GÜNÜMÜZDE MUHSİN ERTUĞRUL BİLGİSİ TAŞIYAN İNSAN KALMADI
Genelde bugünkü okurlar arasında, bizim yaşımızdakiler ya da genç olup tutkulu meraklı kişiler hariç, eskisi kadar Muhsin Ertuğrul bilgisi taşıyan insan kalmadı gibi geliyor. Muhsin Ertuğrul belki bir tartışma konusu yaratacaktır tiyatro çevrelerinde ya da geçenlerde değerli bir çalışma çıktı Muhsin Ertuğrul’un yaşamına ilişkin, o sebepten dolayı. Ama benim burada Muhsin Ertuğrul ile ilgili söylediklerim çok da yeni bir şey değil.

MUHSİN ERTUĞRUL İYİ BİR SİNEMACI DEĞİL
Ben Muhsin Ertuğrul’un büyük bir sinemacı olduğunu hiç düşünmüyorum, ama muhakkak ki iyi bir yönetmen ve tiyatro adamı olabilir. Bizim tiyatromuza çok şey katmıştır seçtiği eserlerle. Ama temel olarak onun yönetim şekli bana itici geliyor. O bir resmi tiyatro kuruyor. Eski kaynakları okursanız yasakladığı şeyler tabi ki, yasaklanması gereken şeyler. Tiyatroya gittiğiniz zaman kabak çekirdeği yemeyeceksiniz, gazoz içmeyeceksiniz. Tabi ki doğru ama bu yasaklandığı andan itibaren son derece cazip oluyor. Cebinizin bir tarafında bir şeker bulup gizlice onu ağzınıza atarsınız. Bu tutum, bu resmi tutum hayatımızın bir çok yerinde karşımıza çıkmıştır.
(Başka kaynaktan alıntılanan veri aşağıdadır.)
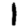
Digit: 1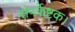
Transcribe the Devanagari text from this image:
संपर्केष्टक।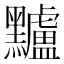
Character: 黸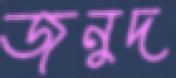
জুনুদ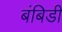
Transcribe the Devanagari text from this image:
बंबिडी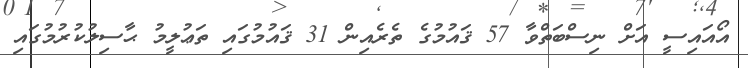
އޯއައިސީ އަށް ނިސްބަތްވާ 57 ޤައުމުގެ ތެރެއިން 31 ޤައުމުގައި ތަޢުލީމު ޙާސިލުކުރުމުގައި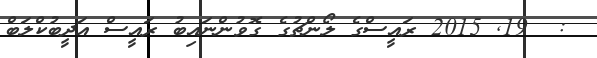
:  19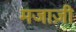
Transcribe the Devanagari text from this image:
मजाज़ी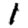
Digit: 1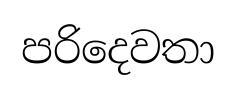
පරිදෙවතා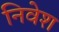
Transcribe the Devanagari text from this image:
निवेश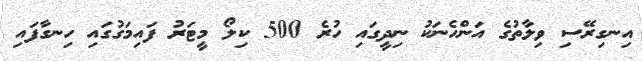
އިނގިރޭސި ވިލާތުގެ އަންހެނަކު ނިދީގައި ހުރެ 500 ކިލޯ މީޓަރު ފައިމަގުގައި ހިނގާފައި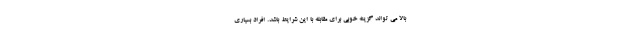
بالا می تواند گزینه خوبی برای مقابله با این شرایط باشد. افراد بسیاری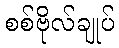
စစ်ဗိုလ်ချုပ်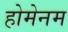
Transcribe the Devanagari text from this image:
होमेनम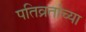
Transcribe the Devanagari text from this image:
पतिव्रतांच्या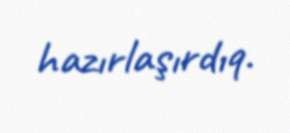
hazırlaşırdıq.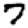
Digit: 7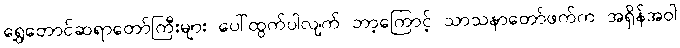
ရွှေတောင်ဆရာတော်ကြီးများ ပေါ်ထွက်ပါလျက် ဘာ့ကြောင့် သာသနာတော်ဖက်က အရှိန်အဝါ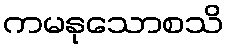
ကမနုသောစသိ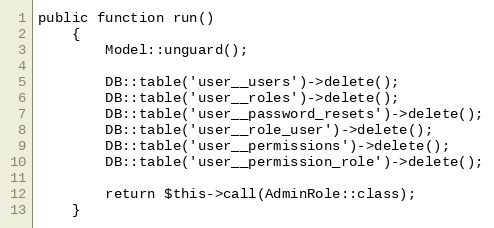
Language: PHP
public function run()
    {
        Model::unguard();

        DB::table('user__users')->delete();
        DB::table('user__roles')->delete();
        DB::table('user__password_resets')->delete();
        DB::table('user__role_user')->delete();
        DB::table('user__permissions')->delete();
        DB::table('user__permission_role')->delete();

        return $this->call(AdminRole::class);
    }

‘BELLEKSİZ BİR TOPLUMUZ' SÖZÜNÜ İLK BEN SÖYLEDİM, SONRA BAŞKALARI YAZDI
Benden hiçbir şey aşırılmış diye iddia edemem. Sizin bir sözünüzü alıyor kendi sözü gibi kullanıyor. Eğer hafızam beni kandırmıyorsa, “belleksiz bir toplumuz “ sözünü ilk kez ben söylemiştim. Sonra başkaları söyledi. Yeni Yüzyıl zamanları. O sonra yayıldı. Bizim toplumumuz böyledir, bir söz, bir şey sizi hiç hatırlamadan kullanılır. Mesela Afife Jale. Uzun uzadıya Afife Jale hakkında ahkâm kesiyor. Arkada referanslara bakıyorsunuz. Yok. Hatır yani. Ahbaplarım da yapıyor. Ayıkken gayet efendice kitabın çok iyi, yazın çok iyi diyorum. Alkol derecesine göre bazen sitemler oluyor.
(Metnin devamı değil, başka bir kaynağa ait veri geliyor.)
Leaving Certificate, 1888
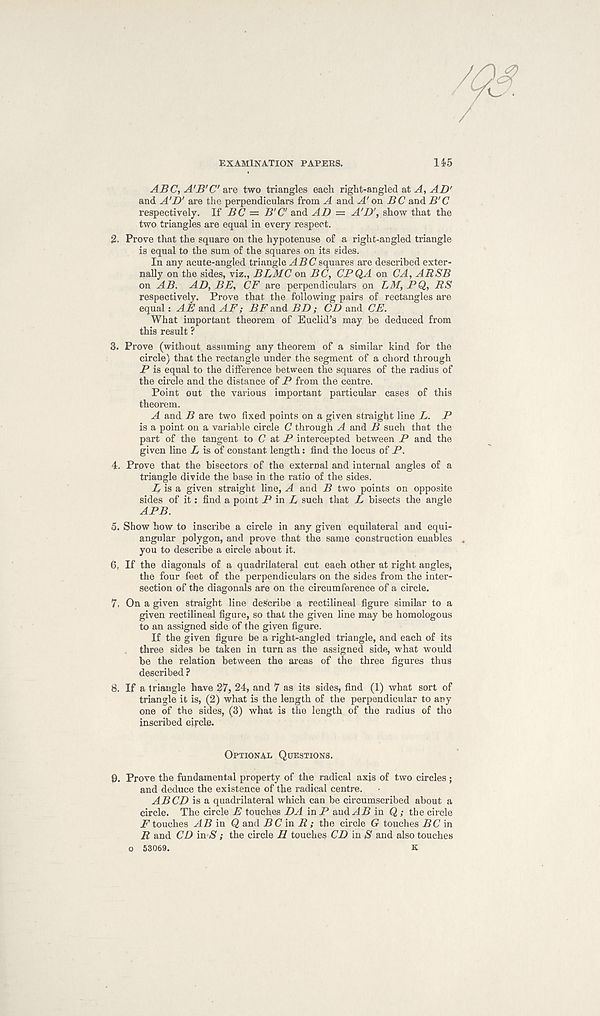
EXAMINATION PAPEES.
14>5
ABC, A'B'C are two triangles each right-angled at A, AD'
and A'D' are the perpendiculars from A and A' on BC and B'C
respectively. If BC = B'C' and AD = A'D', show that the
two triangles are equal in every respect.
2. Prove that the square on the hypotenuse of a right-angled triangle
is equal to the sum of the squares on its sides.
In any acute-angled triangle ABC squares are described exter-
nally on the sides, viz., BLMC on BC, CPQA on CA, ARSB
on AB. AD, BE, CF are perpendiculars on LM, PQ, RS
respectively. Prove that the following pairs of rectangles are
equal: AE and AF; BF and BD; CD and CE.
What important theorem of Euclid’s may be deduced from
this result ?
3. Prove (without assuming any theorem of a similar kind for the
circle) that the rectangle under the segment of a chord through
P is equal to the difference between the squares of the radius of
the circle and the distance of P from the centre.
Point out the various important particular cases of this
theorem.
A and B are two fixed points on a given straight line L. P
is a point on a variable circle C through A and B such that the
part of the tangent to C at P intercepted between P and the
given line L is of constant length: find the locus of P.
4. Prove that the bisectors of the external and internal angles of a
triangle divide the base in the ratio of the sides.
P is a given straight line, A and B two points on opposite
sides of it: find a point P in P such that P bisects the angle
APB.
5. Show how to inscribe a circle in any given equilateral and equi-
angular polygon, and prove that the same construction enables .
you to describe a circle about it.
6. If the diagonals of a quadrilateral cut each other at right angles,
the four feet of the perpendiculars on the sides from the inter-
section of the diagonals are on the circumference of a circle.
7. On a given straight line describe a rectilineal figure similar to a
given rectilineal figure, so that the given line may be homologous
to an assigned side of the given figure.
If the given figure be a right-angled triangle, and each of its
three sides be taken in turn as the assigned side, what would
be the relation between the areas of the three figures thus
described ?
8. If a triangle have 27, 24, and 7 as its sides, find (1) what sort of
triangle it is, (2) what is the length of the perpendicular to any
one of the sides, (3) what is the length of the radius of the
inscribed circle.
OPTIONAL QUESTIONS.
9.
Prove the fundamental property of the radical a
and deduce the existence of the radical centre.
ABCD is a quadrilater al which can be circumscribed about a
circle. The circle E touches DA in P &nA.AB in Q ; the circle
F touches AB in Q and BC in R ; the circle G touches PC in
R and CD in S; the circle H touches CD in S and also touches
o 53069.
K

YAYINEVİ GENEL YAYIN YÖNETMENİ’NİN İLK TEPKİSİ “O YELLOZ BEN MİYİM? OLDU
(Romanın karakterinin yayınevi yöneticilerine demediğini bırakmadığının hatırlatılması üzerine) bu kadar tepki alacağını da düşünmeden, sırf romanın havasına uyduğu ve kitaplarını yayınlatamamış bir insanın duygularının bu olacağı düşüncesiyle bunlar ortaya çıktı. Sırma Köksal, Everest Yayınları’nın Genel Yayın Yönetmeni, kitabın ilk 15-20 sayfasını verdim. Tabi ilk tepkisi “bu yelloz ben miyim?” oldu. Yok, canım her yerde olabilir. Neden sen olasın dedim.
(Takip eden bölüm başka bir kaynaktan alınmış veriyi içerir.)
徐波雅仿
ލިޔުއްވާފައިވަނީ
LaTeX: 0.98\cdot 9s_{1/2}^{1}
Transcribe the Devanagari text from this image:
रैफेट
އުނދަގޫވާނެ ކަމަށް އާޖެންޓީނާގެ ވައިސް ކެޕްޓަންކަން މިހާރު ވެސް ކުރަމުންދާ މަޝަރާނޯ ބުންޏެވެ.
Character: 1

KİTAP KENDİNE ÖNEM ATFEDEN HERKESLE ALAY EDİYOR
Bu kitapta kendine önem atfeden herkese bir alay var. İnsan “sen benim kim olduğumu biliyor musun?” havasına büründüğü andan itibaren onunla yol almak imkânsız hale gelir. Yol almadığınız vakit de bir köşeye çekilip seyredersiniz. Başka bir şey olamaz ki. İnsanın egosunun bu kadar şişkinliği bana iğrenç geldi tüm yaşamım boyuncu. Benim de zaman zaman sapıtıp kendi egomu maalesef öne çıkardığım anlar olmuştur. Mesela her gece bodrum kitabımdan sonra oldukça popüler bir yazar haline gelmiştim. Bugünkü popüler yazarlarımızın çoğunun şımarıklığına benzer şeyler yaptım.

AŞK ESKİR, AMA ESKİMİŞ AŞKLARI HER ZAMAN TAŞIMAYA ÇALIŞTIM
Mutlu sonlu ne filmleri severim ne de kitapları. Seyrederken bir filmin mutlu bitmesini isterim o ayrı ama o filmden geriye çok bir şey kalmaz. Bende bir saplantı var. Mutsuz biten kitaplar daha edebi sanki. Hayatta da hep terk edilen ben oldum. Aşk eskir onu her zaman söyledim ama eskimiş aşkları da her zaman taşımaya çalıştım.